Today’s inspiration of joy is brought to you by spring cleaning.
Hear me out.
My default setting is slob. I have no dropdown menu to choose a different option. I came up in a messy environment and it stuck. I’m not a gross piggy or anything, I have hygiene and a vast selection of lovely scented spray cleaners. I celebrate New Sponge Day. I can, with 10 minutes notice, make the visible parts of my house look presentable.
I. Am. A. Slob.
Here’s the twist: I need to be in a tidy space. Messy makes me anxious.
I find so much joy and calm in a clean environment.
You’re nodding your head because this is true of you, as it is all humans.
We crave order around us, it gives us a sense of control, especially in a world where so much seems outside of our control.
Stacks of paper and piles of laundry signal work that needs doing. ANXIETY. STRESS. Everything needs a home.
I resent every piece of paper that comes into my house because: decisions.
Hello piece of paper. What is your ultimate destination? Are you trash? Recycling? Do you need to be shredded? Are you a bill that needs paying? Are you prompting a phone call or a follow up piece of paper? Do I need to save you? Like a forever save where I will always need to know where to find you like a social security card? Or save-this-for-my-taxes save? Or need- this-for-my-kids-school save? Or save this coupon for 50% off any item at Michael’s? What about birthday cards with confidence-boosting hand-written messages? Holiday pictures of my friends’ kids? Grade school drawings? Receipts? Business cards?
So. Many. Pieces. Of. Paper.
How much crap can the front of the fridge handle?
Cleanliness is next to godliness, blah blah blah. A tidy space feels good. Our shoulders drop down from our ears, we can breathe, we can think. We can relax. But damn it’s work.
Spring cleaning is rooted in history and ritual. Consider this:
In ye olden days before LCD bulbs and HVAC, homes were heated and lit with fire. Burning coal, wood or peat for months on end, with all the windows closed up, meant layers of soot to scrape of off all of the surfaces. Enter spring cleaning.
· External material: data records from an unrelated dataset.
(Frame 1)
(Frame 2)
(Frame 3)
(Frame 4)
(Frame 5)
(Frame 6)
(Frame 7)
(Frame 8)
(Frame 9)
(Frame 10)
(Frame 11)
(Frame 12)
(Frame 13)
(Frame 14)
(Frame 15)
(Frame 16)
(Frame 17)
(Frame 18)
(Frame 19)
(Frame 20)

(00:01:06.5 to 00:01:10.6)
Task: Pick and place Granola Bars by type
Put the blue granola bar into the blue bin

Passover (a spring holiday) celebrates the liberation of Isrealites from Egypt. In their haste to flee, the bread didn't have time to rise. The holiday is celebrated by eating no leavened bread, only matzo. To prepare for this, any and all bread products, down to a single grain of flour, must be removed from the house. The rest of the house ends up clean as a bonus.
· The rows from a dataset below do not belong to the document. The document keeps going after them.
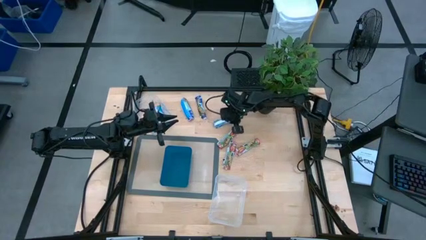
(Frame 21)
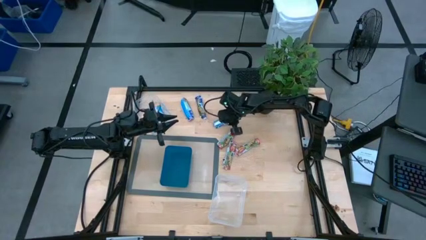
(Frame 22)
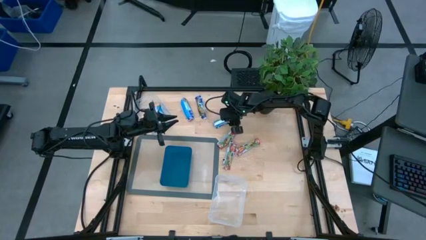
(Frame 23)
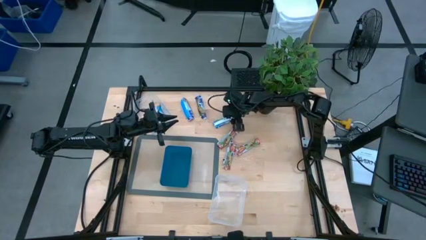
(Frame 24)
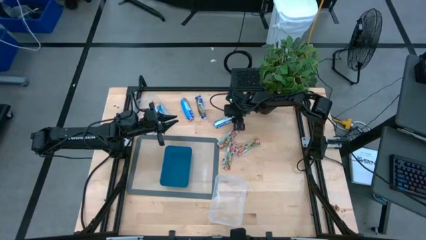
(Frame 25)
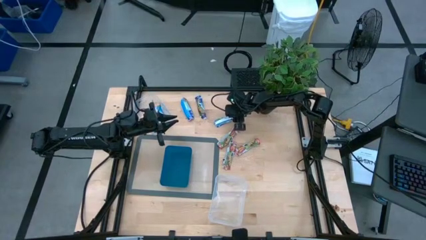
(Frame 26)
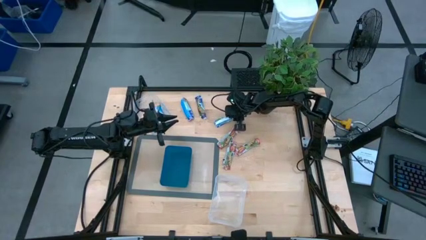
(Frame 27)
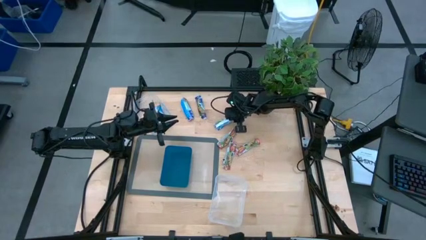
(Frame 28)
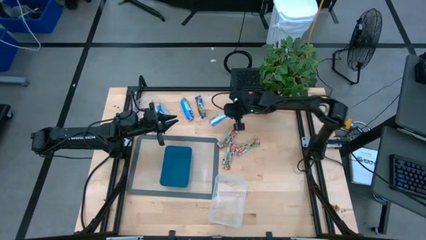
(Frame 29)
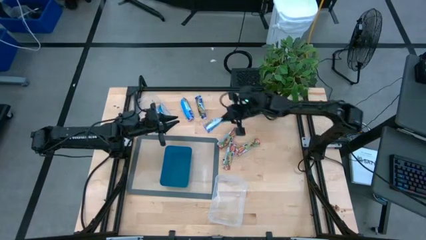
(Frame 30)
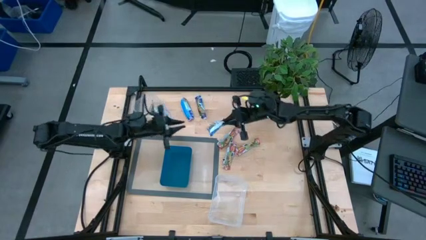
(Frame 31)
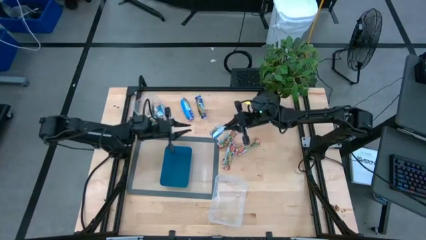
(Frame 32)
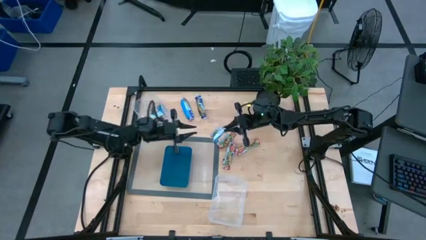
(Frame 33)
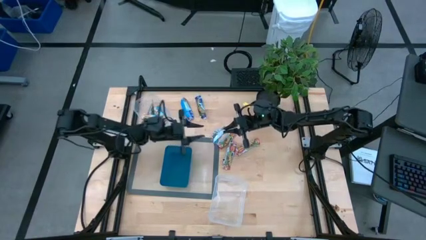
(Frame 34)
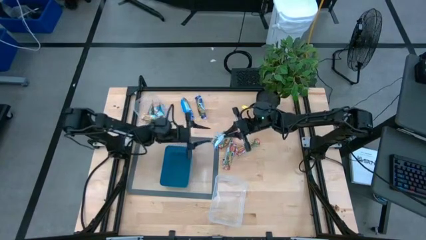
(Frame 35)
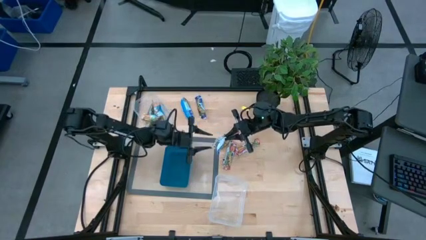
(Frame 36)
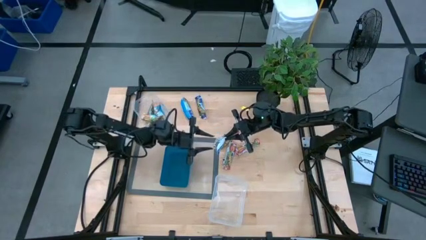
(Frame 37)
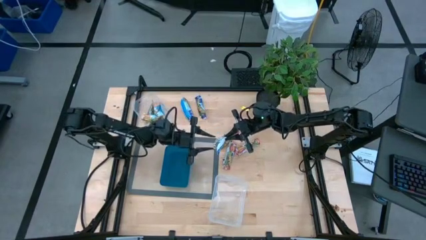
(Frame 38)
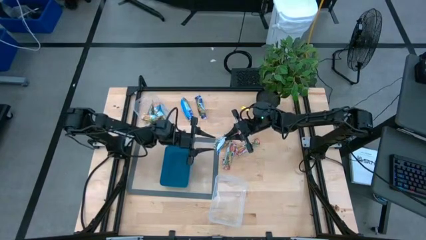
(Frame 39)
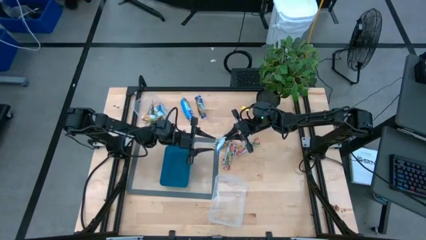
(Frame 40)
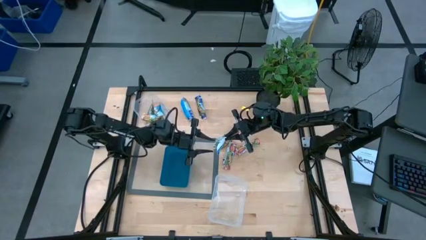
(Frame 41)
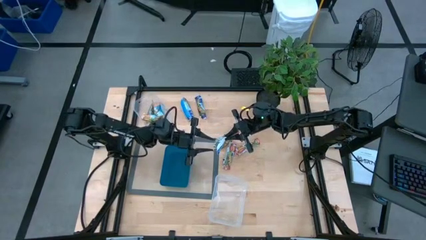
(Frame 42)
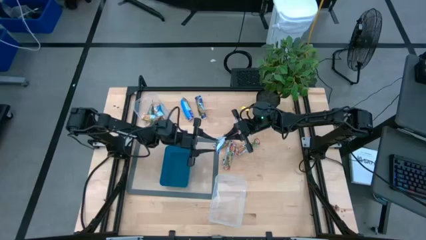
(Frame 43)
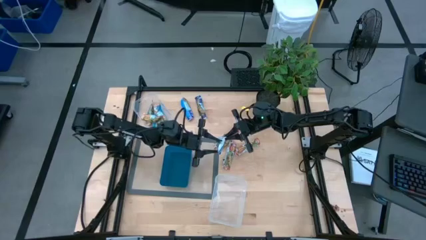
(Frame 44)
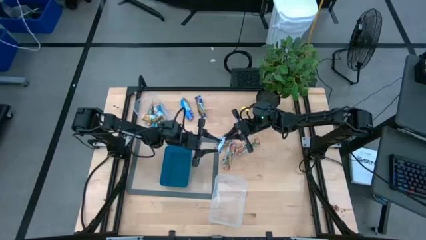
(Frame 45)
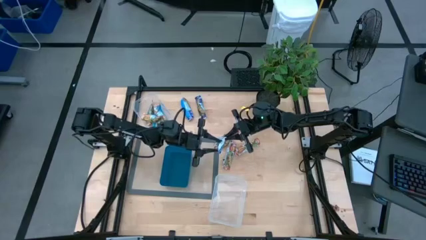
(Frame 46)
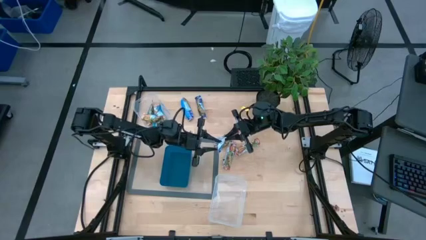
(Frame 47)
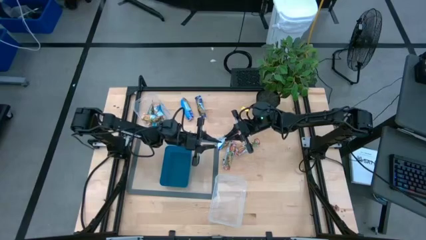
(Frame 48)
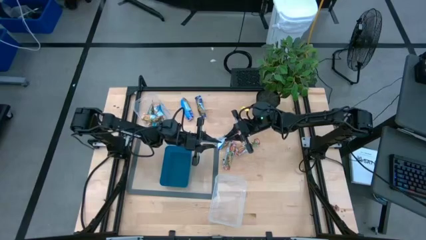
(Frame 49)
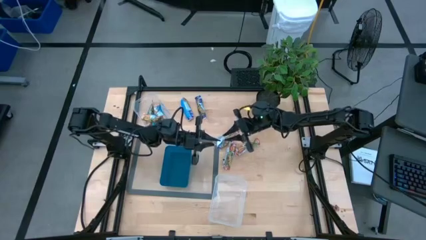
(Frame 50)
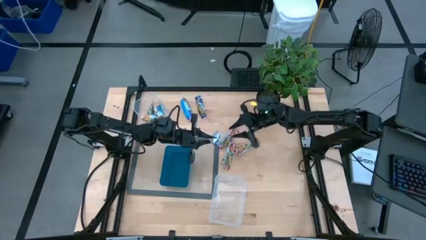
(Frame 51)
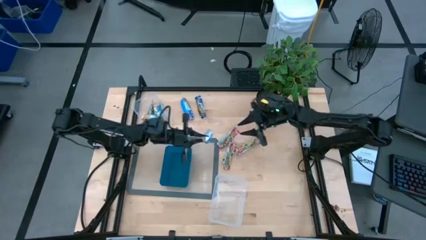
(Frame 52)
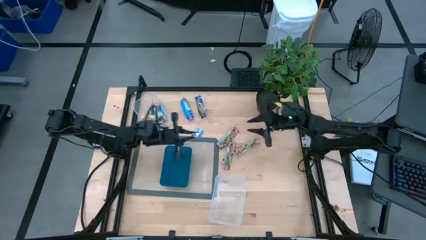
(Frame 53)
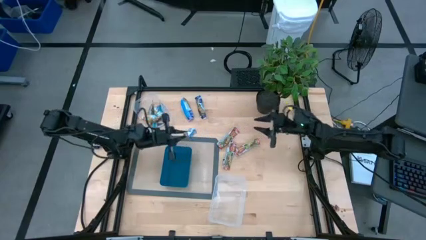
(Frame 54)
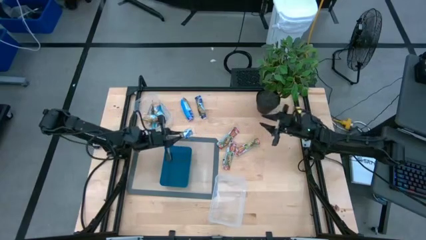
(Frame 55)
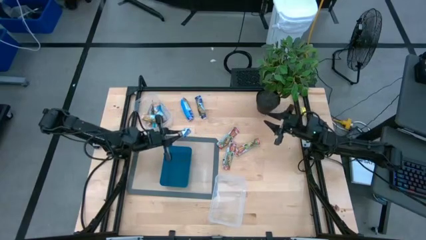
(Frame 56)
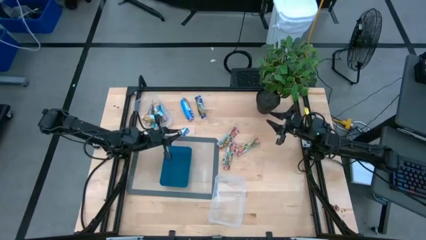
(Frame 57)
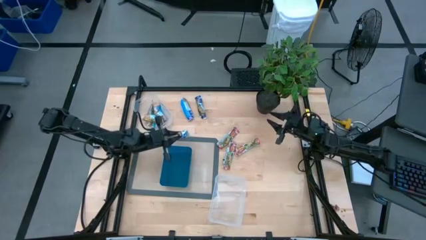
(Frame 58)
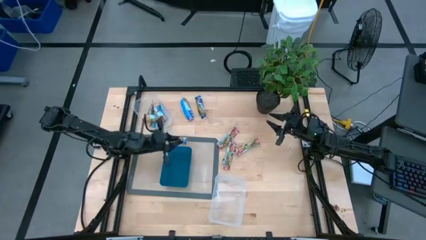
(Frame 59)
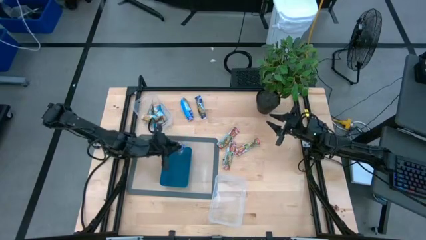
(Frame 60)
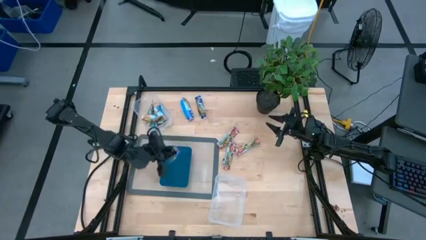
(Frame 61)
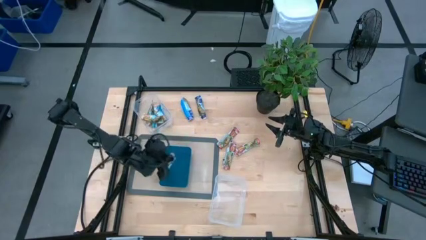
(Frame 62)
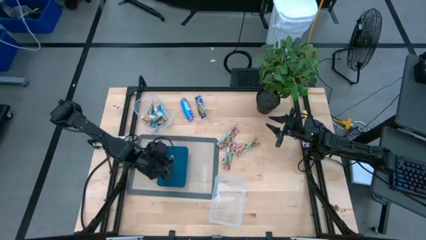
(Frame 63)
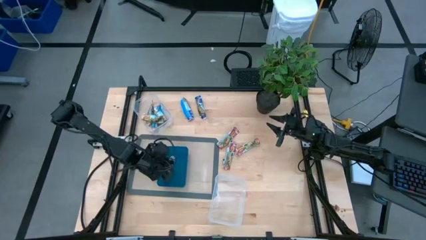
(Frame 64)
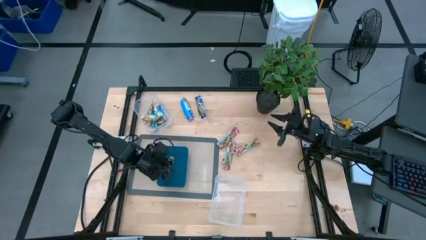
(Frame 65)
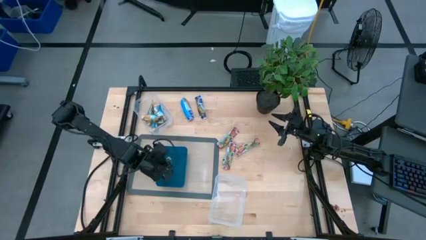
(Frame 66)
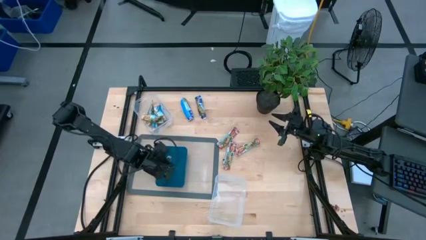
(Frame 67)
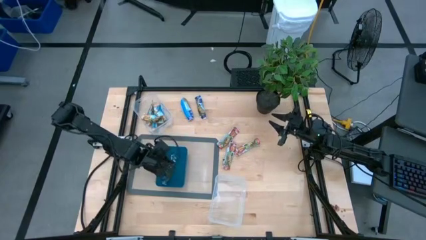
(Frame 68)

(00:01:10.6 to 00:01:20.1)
Put the bottom blue granola bar into the blue bin

Songkran (April 13) is the new year festival in Buddhist traditions. It’s celebrated across Thailand and South Asia. Observance of the holiday includes cleaning all altars and statues of Buddha with water. One of the highlights is people throwing water on each other as a cleansing ritual (enter squirt guns and water balloons).
The Persian celebration of Narwooz (New Year) lines up with the spring equinox. Leading up to it is the ritual known as Khane Takani, literally “shaking the house.” This involves washing carpets, painting walls, cleaning attics, closets and junk drawers.
This sounds like work, you say.
How will cleaning bring joy into my life, you ask.
I fucking hate cleaning, you declare. Plus, I live with tiny demon makers-of-large-messes.
You said there would be no hacks and productivity tips here, you remind me.
I know. I know. Like I said, I’m a slob who loves clean spaces.
This is the part where writing gets hard, because I just want us all to see where we can find a sparkle of joy in our little spot in this crazy fucked-up timeline on this rock hurtling through infinity. I’m a turd polisher. Give me shit and I will attempt to make it shine.
As I write this, my email pings with an incoming daily news digest. There are pictures of bombed out villages in the Middle East. Images of refugees who’ve been living in tent camps for years. Migrants sleeping on cardboard boxes on their way to find a better life. Spring cleaning would be a joy, not a task or burden, for all of these humans living in disastrous areas and among heaps of rubble.
It’s time to call myself out.
My joke about a bouquet of differently-scented spray cleaners comes from a place of privilege. Not merely the privilege that I have a house to clean and internet broadcasting music or podcasts on my phone as I work. Or that I have a body that allows me the privilege to move around. Or that I have the privilege of having food to eat and fresh water to wash it off of my plates. Not the privilege that I can afford these products, but also as I drop them into my (plastic) Target cart, I can justify adding this much more plastic (that will outlive me) to a landfill that will eventually become just…land.
It’s not my intention to drag us down, but I feel it’s important to honor that while we can agree we’re living in a sucky-ass world, there are degrees of sucky-ass. I recognize that at this moment, I’m lucky in the amount of suck I have to suck up.
I’ll wrap this up so I can set a timer to clean as much of my bathroom as I can in ten minutes, and reflect upon the blessing that I have an actual pot to piss in.